PROBLEM DETAILS
Retype the data that follows exactly. No pictures belong in the copy.

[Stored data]

##########

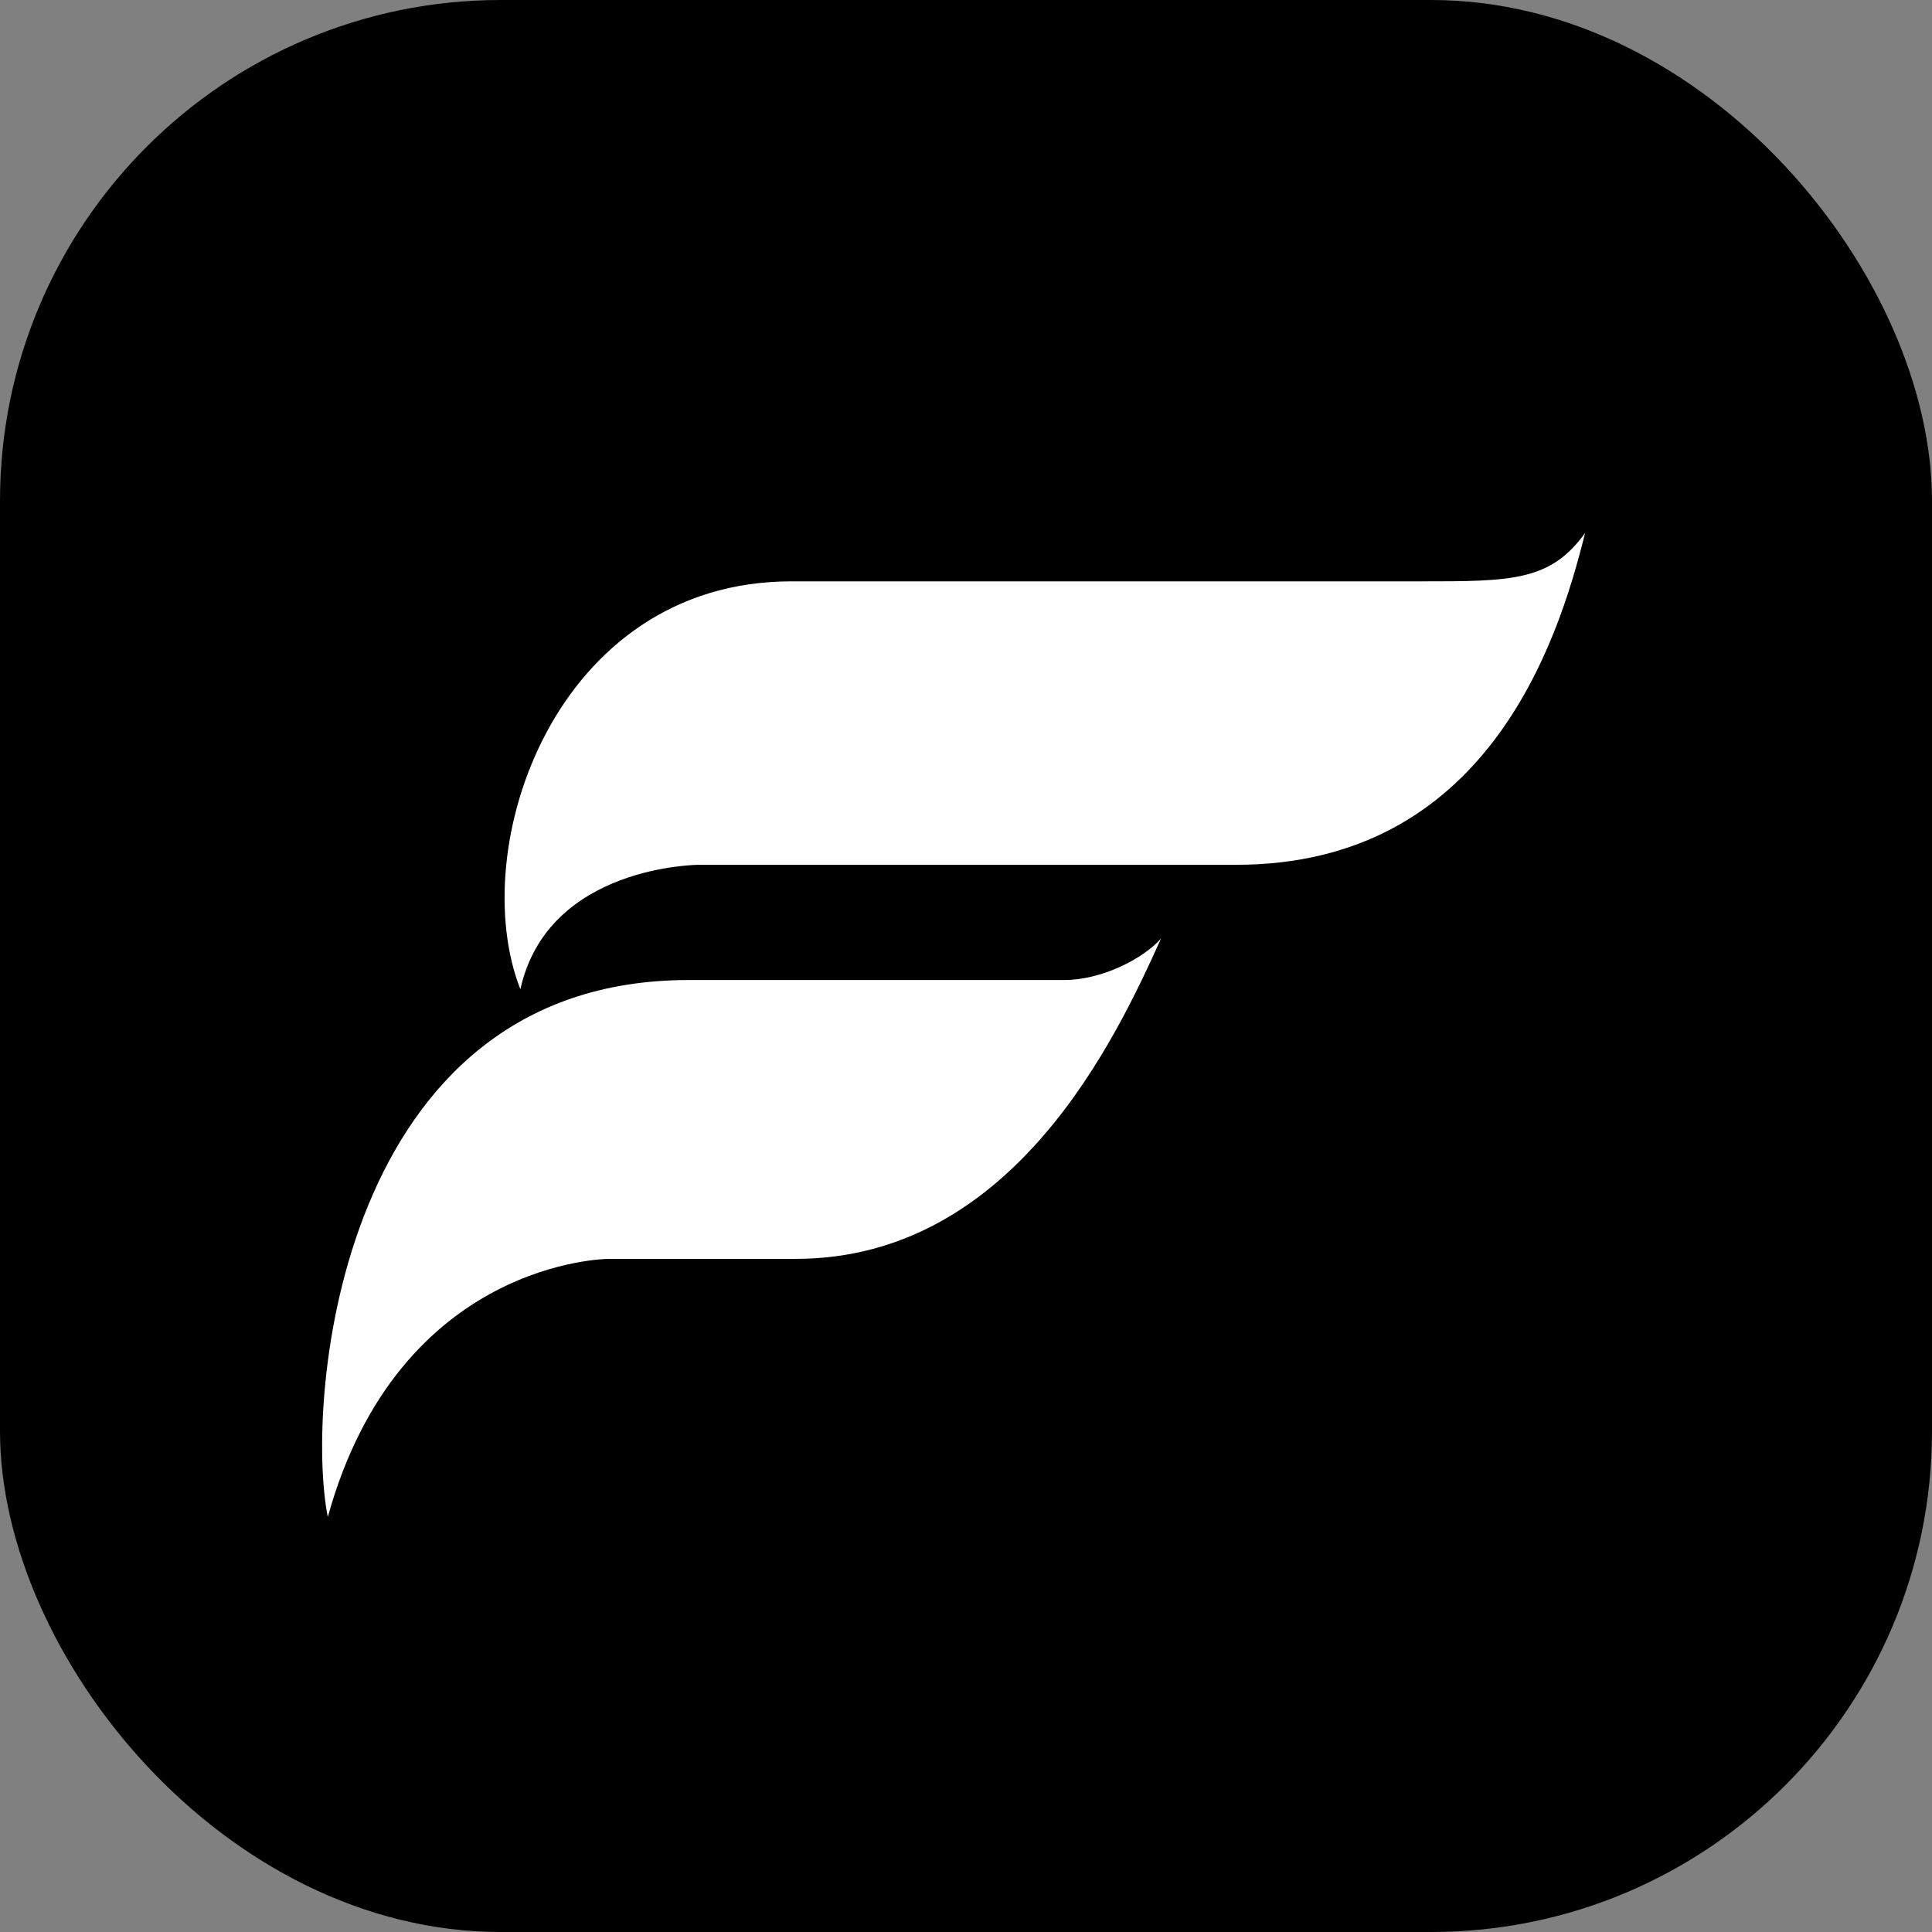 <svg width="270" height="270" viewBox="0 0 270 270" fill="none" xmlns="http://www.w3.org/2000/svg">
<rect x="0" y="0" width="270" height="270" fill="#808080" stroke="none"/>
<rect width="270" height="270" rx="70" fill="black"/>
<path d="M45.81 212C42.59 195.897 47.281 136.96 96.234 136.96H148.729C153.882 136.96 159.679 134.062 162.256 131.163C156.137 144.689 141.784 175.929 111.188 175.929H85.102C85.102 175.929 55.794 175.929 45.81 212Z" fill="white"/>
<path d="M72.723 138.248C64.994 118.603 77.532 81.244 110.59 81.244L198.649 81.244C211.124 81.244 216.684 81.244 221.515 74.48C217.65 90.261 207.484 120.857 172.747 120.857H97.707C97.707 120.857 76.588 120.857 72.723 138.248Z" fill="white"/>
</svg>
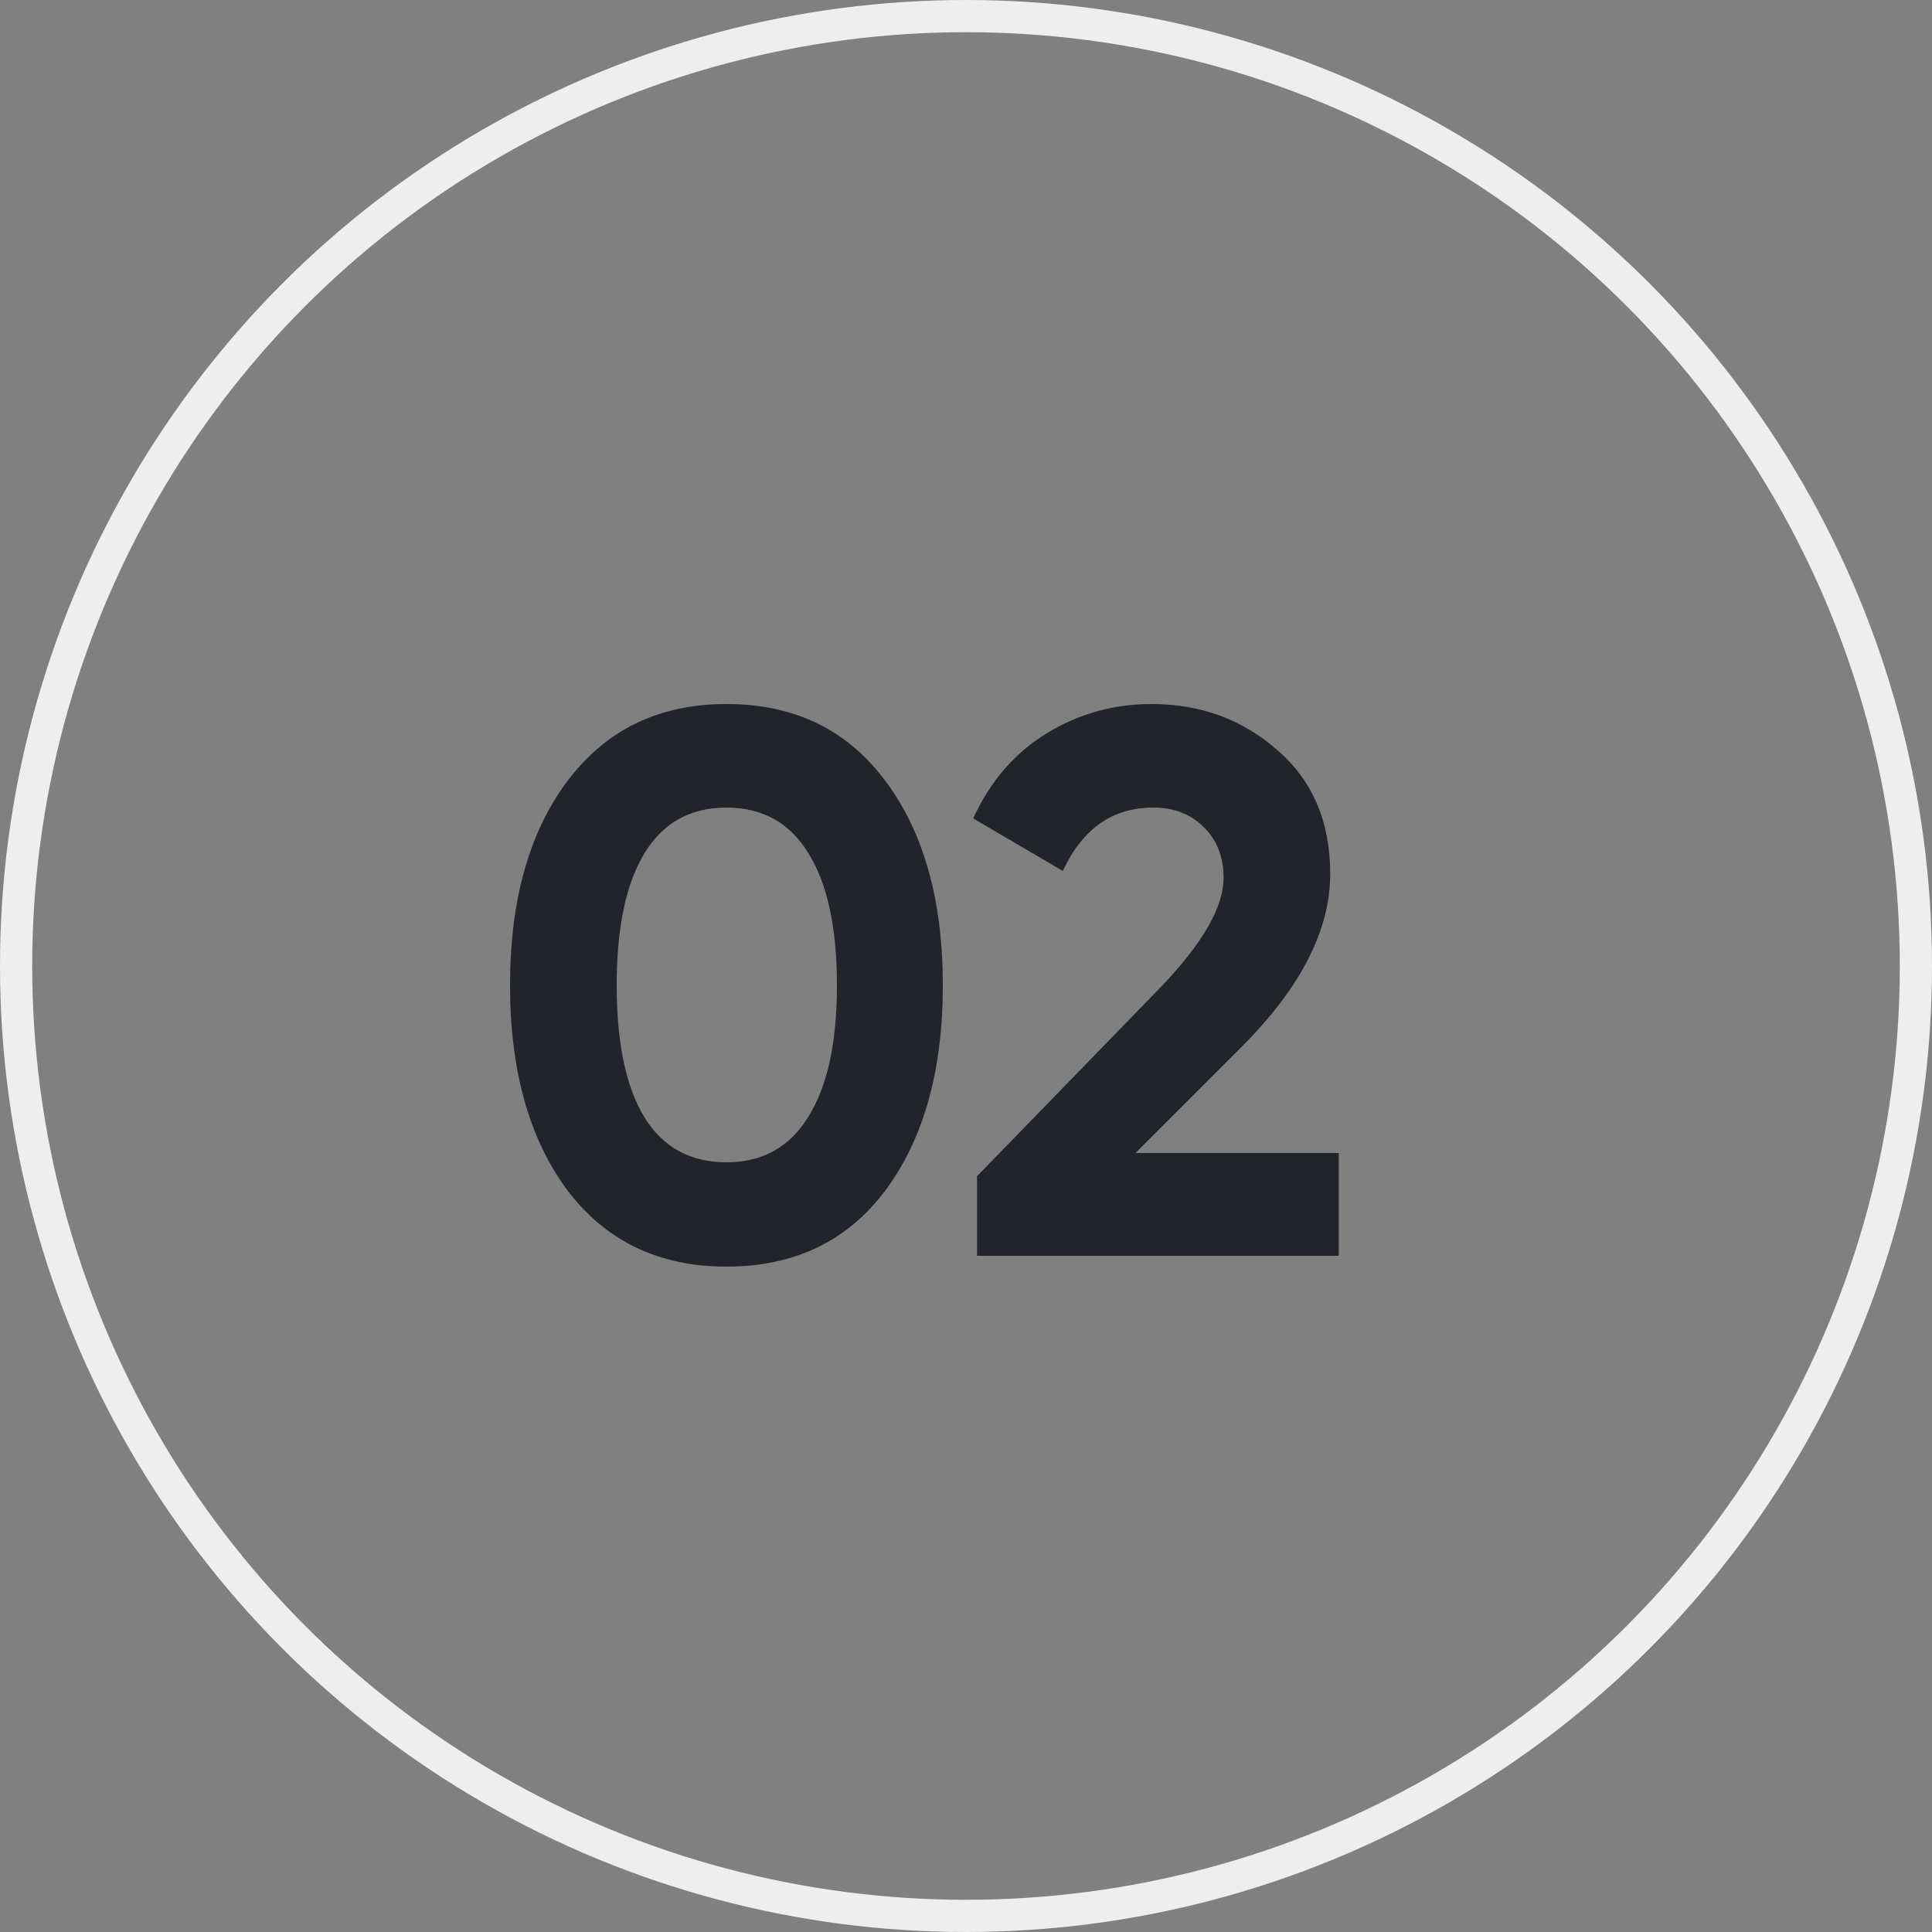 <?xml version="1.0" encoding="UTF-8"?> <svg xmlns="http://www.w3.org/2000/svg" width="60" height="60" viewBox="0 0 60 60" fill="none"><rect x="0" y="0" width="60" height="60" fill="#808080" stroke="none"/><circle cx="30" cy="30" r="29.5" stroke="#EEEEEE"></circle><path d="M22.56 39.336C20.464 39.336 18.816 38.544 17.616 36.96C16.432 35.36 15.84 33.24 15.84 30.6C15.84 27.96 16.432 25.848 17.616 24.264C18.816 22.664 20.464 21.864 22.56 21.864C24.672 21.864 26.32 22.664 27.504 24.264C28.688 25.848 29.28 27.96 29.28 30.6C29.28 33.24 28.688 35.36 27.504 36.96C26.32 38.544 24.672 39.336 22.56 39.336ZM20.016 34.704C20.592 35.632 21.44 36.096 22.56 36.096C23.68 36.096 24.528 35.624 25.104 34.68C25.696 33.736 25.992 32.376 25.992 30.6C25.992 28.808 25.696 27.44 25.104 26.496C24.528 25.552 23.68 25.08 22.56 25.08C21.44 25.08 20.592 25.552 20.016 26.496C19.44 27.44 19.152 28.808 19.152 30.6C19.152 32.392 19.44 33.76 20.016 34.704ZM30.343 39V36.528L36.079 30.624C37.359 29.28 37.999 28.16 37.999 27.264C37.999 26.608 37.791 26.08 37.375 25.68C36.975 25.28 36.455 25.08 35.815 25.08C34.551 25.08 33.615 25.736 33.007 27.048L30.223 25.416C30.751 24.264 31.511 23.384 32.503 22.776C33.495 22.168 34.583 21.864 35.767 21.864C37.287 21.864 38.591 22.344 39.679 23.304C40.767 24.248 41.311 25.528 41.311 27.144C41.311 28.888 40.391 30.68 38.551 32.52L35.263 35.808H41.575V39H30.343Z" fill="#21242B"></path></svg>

##########

WRITTEN SOLUTION
 <svg width="270" height="270" viewBox="0 0 270 270" fill="none" xmlns="http://www.w3.org/2000/svg">
<rect x="0" y="0" width="270" height="270" fill="#808080" stroke="none"/>
<rect width="270" height="270" rx="70" fill="black"/>
<path d="M45.81 212C42.59 195.897 47.281 136.96 96.234 136.96H148.729C153.882 136.96 159.679 134.062 162.256 131.163C156.137 144.689 141.784 175.929 111.188 175.929H85.102C85.102 175.929 55.794 175.929 45.81 212Z" fill="white"/>
<path d="M72.723 138.248C64.994 118.603 77.532 81.244 110.59 81.244L198.649 81.244C211.124 81.244 216.684 81.244 221.515 74.48C217.65 90.261 207.484 120.857 172.747 120.857H97.707C97.707 120.857 76.588 120.857 72.723 138.248Z" fill="white"/>
</svg>
 <?xml version="1.0" encoding="UTF-8"?> <svg xmlns="http://www.w3.org/2000/svg" width="60" height="60" viewBox="0 0 60 60" fill="none"><rect x="0" y="0" width="60" height="60" fill="#808080" stroke="none"/><circle cx="30" cy="30" r="29.5" stroke="#EEEEEE"></circle><path d="M22.56 39.336C20.464 39.336 18.816 38.544 17.616 36.96C16.432 35.36 15.84 33.24 15.84 30.6C15.84 27.96 16.432 25.848 17.616 24.264C18.816 22.664 20.464 21.864 22.56 21.864C24.672 21.864 26.32 22.664 27.504 24.264C28.688 25.848 29.28 27.96 29.28 30.6C29.28 33.24 28.688 35.36 27.504 36.96C26.32 38.544 24.672 39.336 22.56 39.336ZM20.016 34.704C20.592 35.632 21.44 36.096 22.56 36.096C23.68 36.096 24.528 35.624 25.104 34.68C25.696 33.736 25.992 32.376 25.992 30.6C25.992 28.808 25.696 27.44 25.104 26.496C24.528 25.552 23.68 25.08 22.56 25.08C21.44 25.08 20.592 25.552 20.016 26.496C19.44 27.44 19.152 28.808 19.152 30.6C19.152 32.392 19.44 33.76 20.016 34.704ZM30.343 39V36.528L36.079 30.624C37.359 29.28 37.999 28.16 37.999 27.264C37.999 26.608 37.791 26.08 37.375 25.68C36.975 25.28 36.455 25.08 35.815 25.08C34.551 25.08 33.615 25.736 33.007 27.048L30.223 25.416C30.751 24.264 31.511 23.384 32.503 22.776C33.495 22.168 34.583 21.864 35.767 21.864C37.287 21.864 38.591 22.344 39.679 23.304C40.767 24.248 41.311 25.528 41.311 27.144C41.311 28.888 40.391 30.68 38.551 32.52L35.263 35.808H41.575V39H30.343Z" fill="#21242B"></path></svg>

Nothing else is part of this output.